I like the idea of online algorithms for enterprise in Julia, but I’m not sure I understand the target audience.
The place I am consulting makes user run 50g datasets on laptops. So they use SAS juliadb would be awesome once it’s ready.
People still use pandas and data.table but when things can’t fit into memory they use SAS. But SAS can’t handle 50g of data well. It can but it’s slow. Juliadb fills this medium data void. It’s not quite big data but it’s big enough to be not small; so medium data
I am working with large datasets (30–150GB, depending on which), using mmap in Julia with a thin wrapper, on a laptop with 16GB RAM and a fast SSD. Nevertheless, my bottleneck is very clearly IO, to the point that I am becoming somewhat lazy optimizing my Julia code, since it does not matter (IO from an SSD shows up as CPU utilization on my machine, but profiling tells me that actual Julia code is 5–15% of the whole).
To be fair, I am doing basic tabulations and summaries with OnlineStats.jl, something computational would probably highlight the advantages of Julia more.
A small correction: For simple regression in OnlineStats:
Series((x,y), LinReg(n_predictors))
StatLearn is a super flexible type that lets you plug in any LossFunctions.jl loss, PenaltyFunctions.jl penalty, and a variety of stochastic approximation algorithms. Flexibility comes at the cost of syntax.
LinReg (and LinRegBuilder) give you exact linear regression estimates and the syntax is nicer.

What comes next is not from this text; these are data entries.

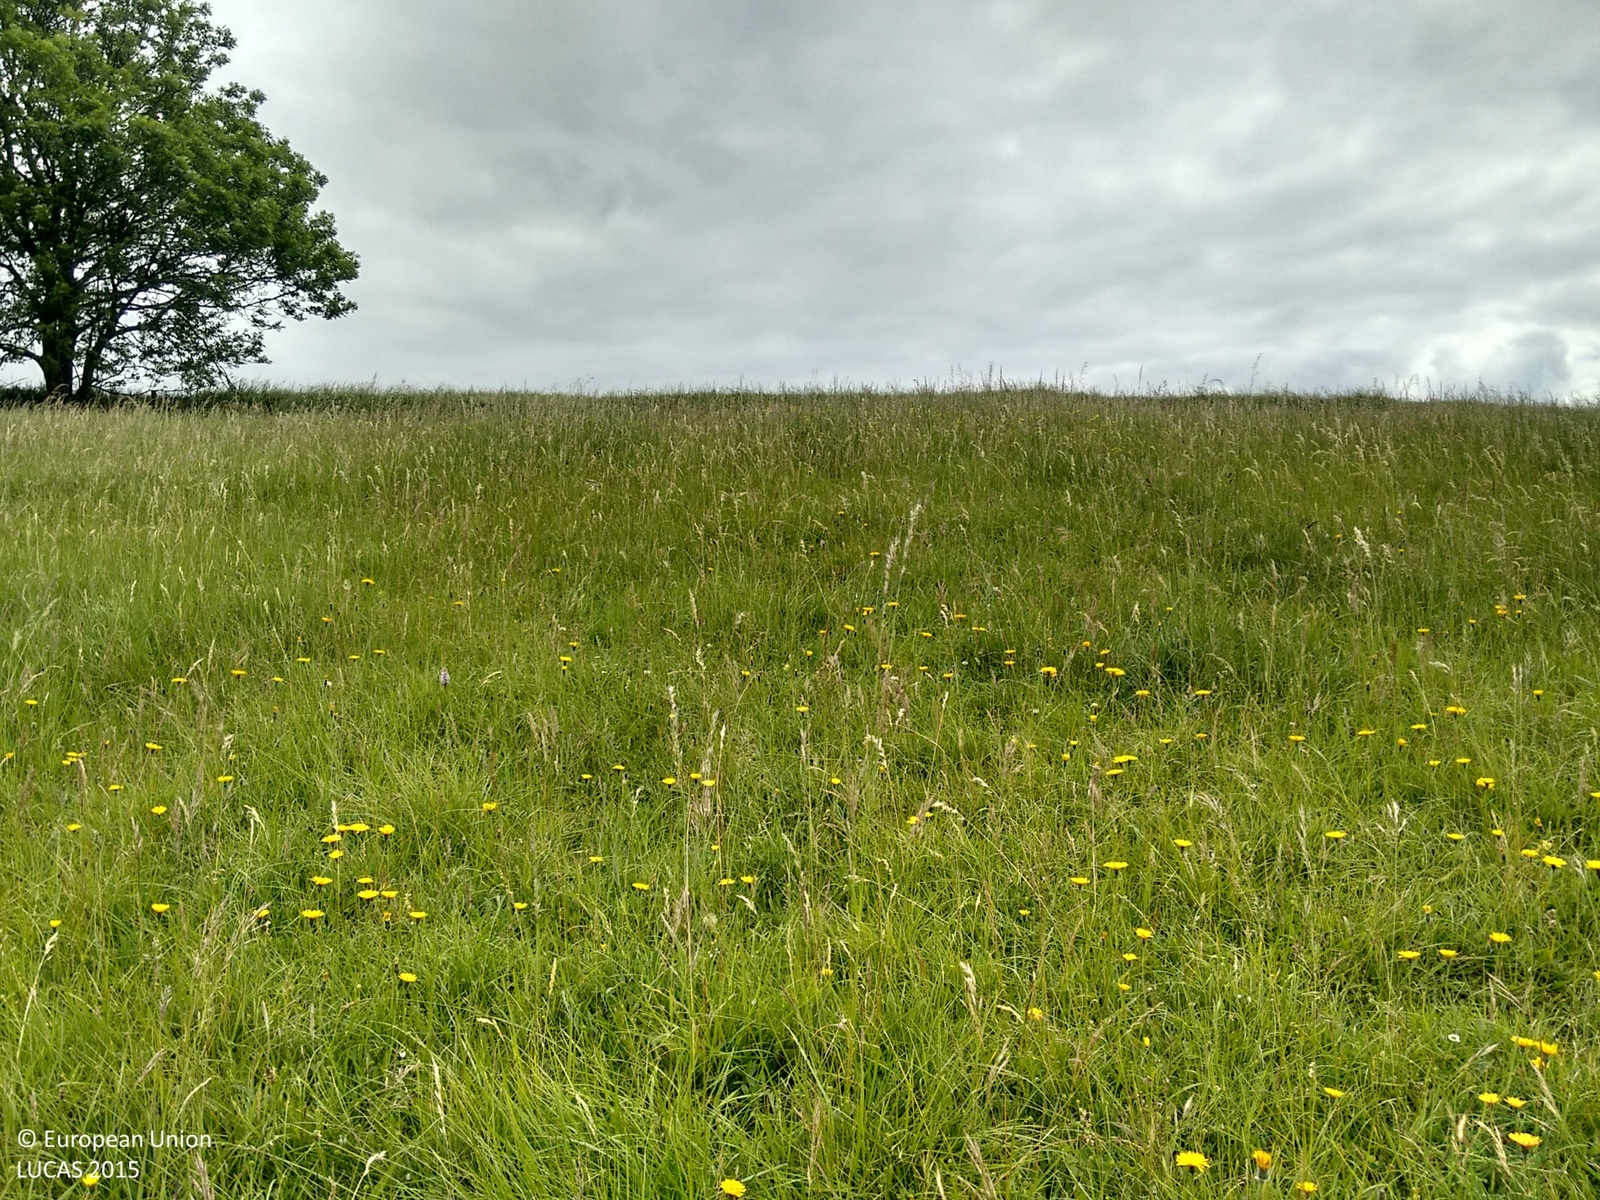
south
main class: Grassland
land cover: Grassland without tree/shrub cover
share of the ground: > 75 %
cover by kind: herbaceous plants 100 %
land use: Agriculture (excluding fallow land and kitchen gardens)
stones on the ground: < 10 %
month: June
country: GB
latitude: 50.8780
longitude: -0.0818
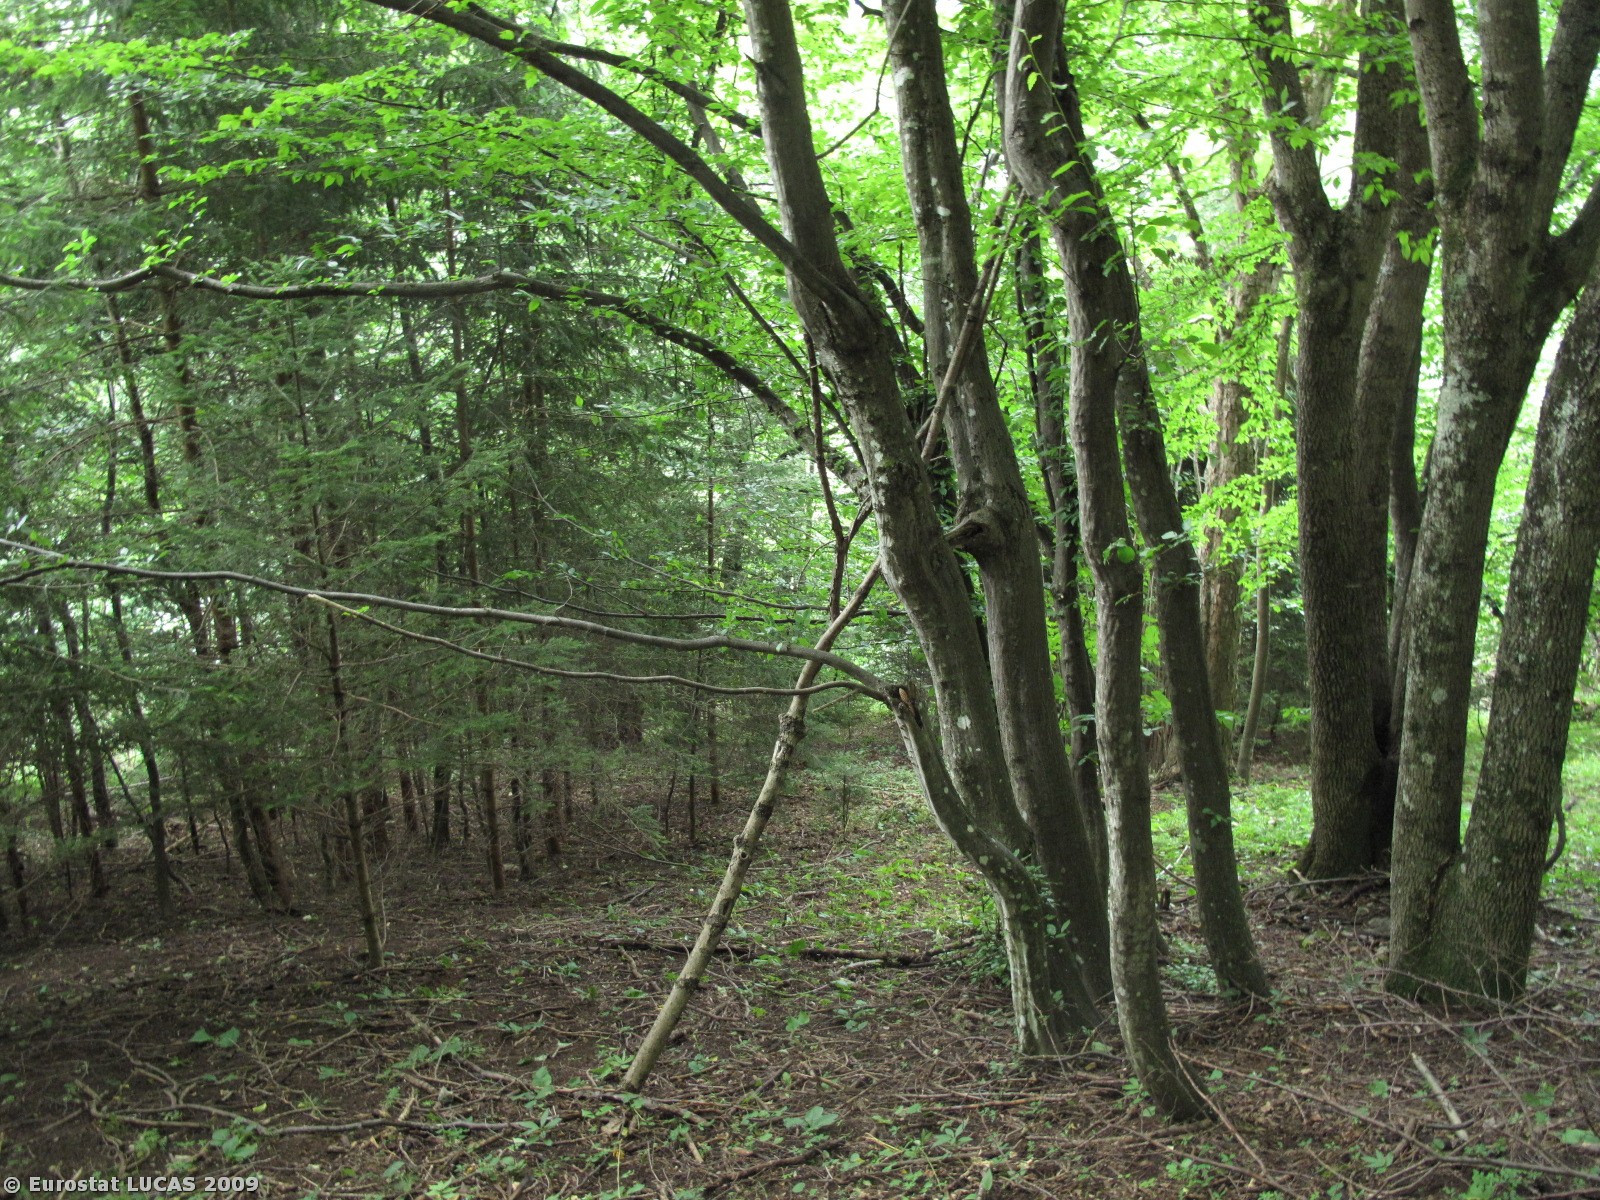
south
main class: Woodland
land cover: Mixed woodland
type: hemiboreal forest and nemoral coniferous forest and mixed broadleaved-coniferous forest
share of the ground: > 75 %
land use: Forestry
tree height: > 5 m
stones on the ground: < 10 %
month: July
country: AT
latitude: 47.9471
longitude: 15.3973
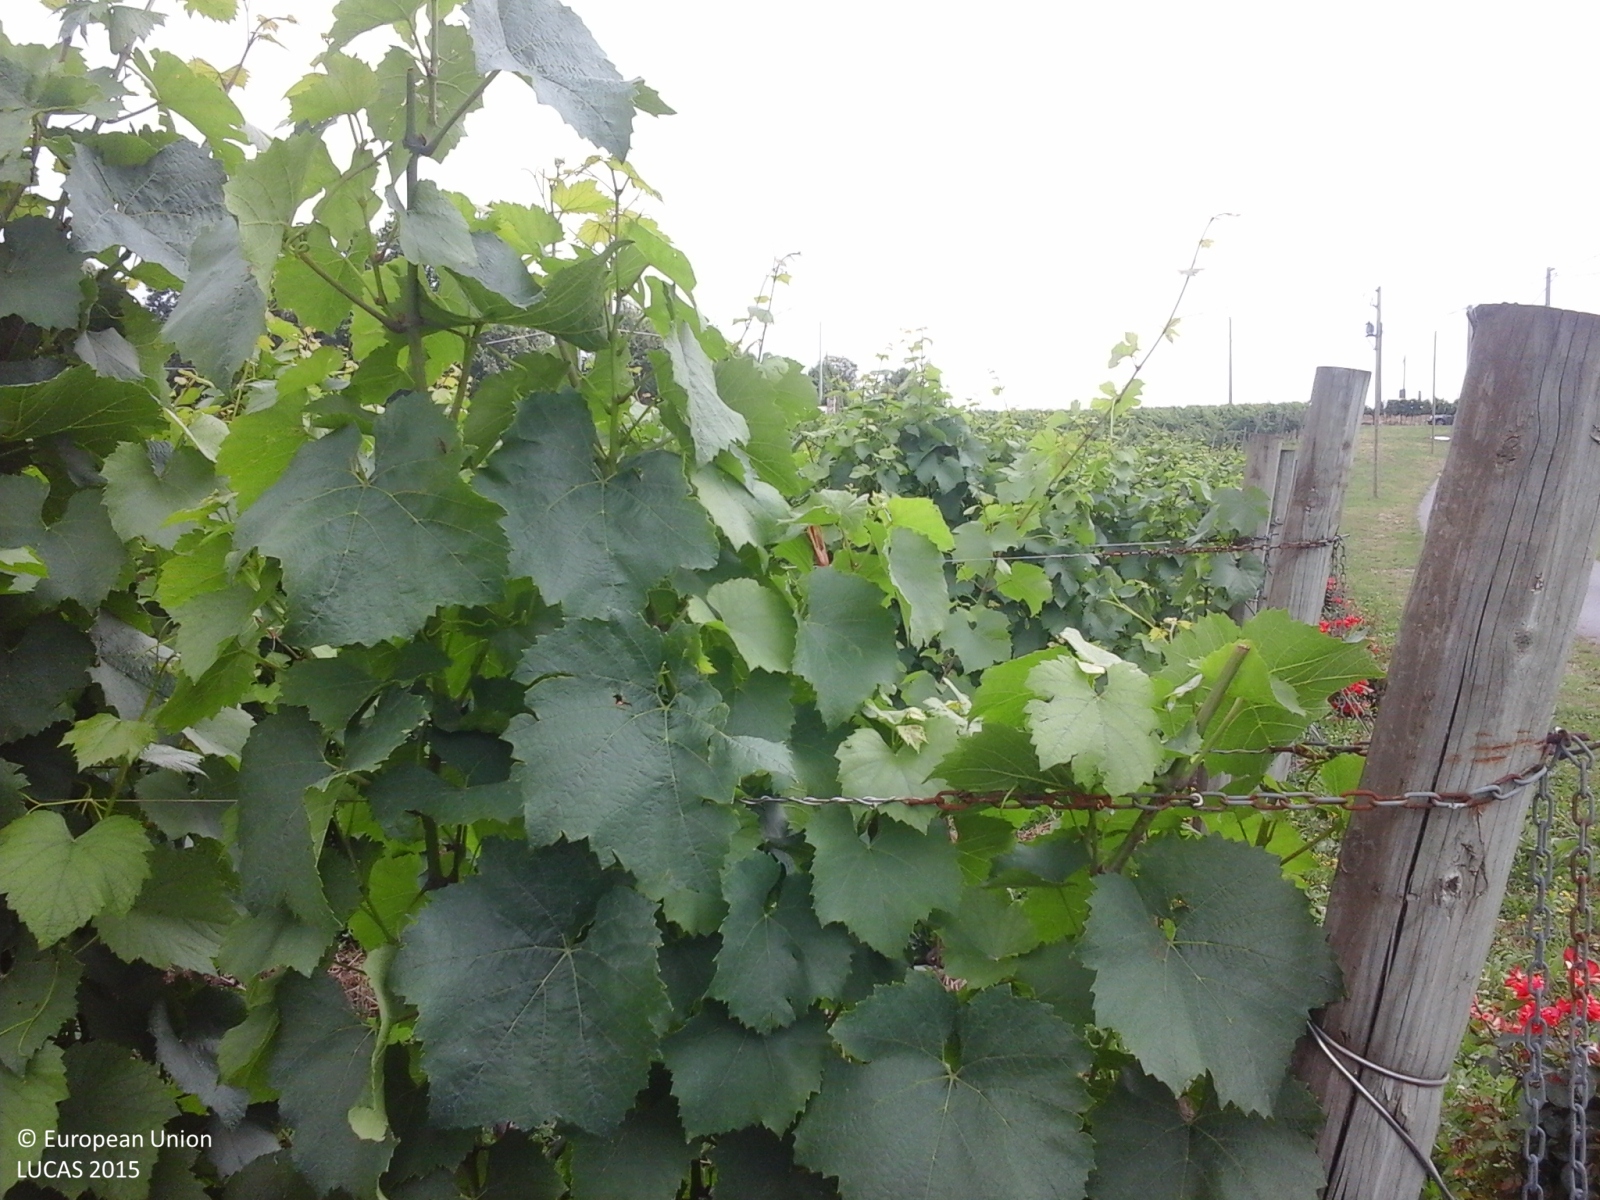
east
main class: Cropland
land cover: Vineyards
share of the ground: 25 - 50 %
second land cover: Grassland without tree/shrub cover
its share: > 75 %
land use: Agriculture (excluding fallow land and kitchen gardens)
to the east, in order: Vineyards; Grassland without tree/shrub cover; Artificial constructions in urban areas; Other cereals
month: June
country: IT
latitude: 45.6305
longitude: 9.9104

Yeah. Please understand SAS is row-oriented. So if I wanted to do a frequency count of a variable it needs to read all columns (actually it’s slightly better but not much). So if I have random access to the columns eg. JuliaDB.jl binary format allows for that then I can perform that much much faster than SAS. Sure IO will be bottleneck but the performance will already be an order of magnitude better than SAS. SAS now had a file format that allows lazy landing into memory - SASHbdat but it’s still row oriented.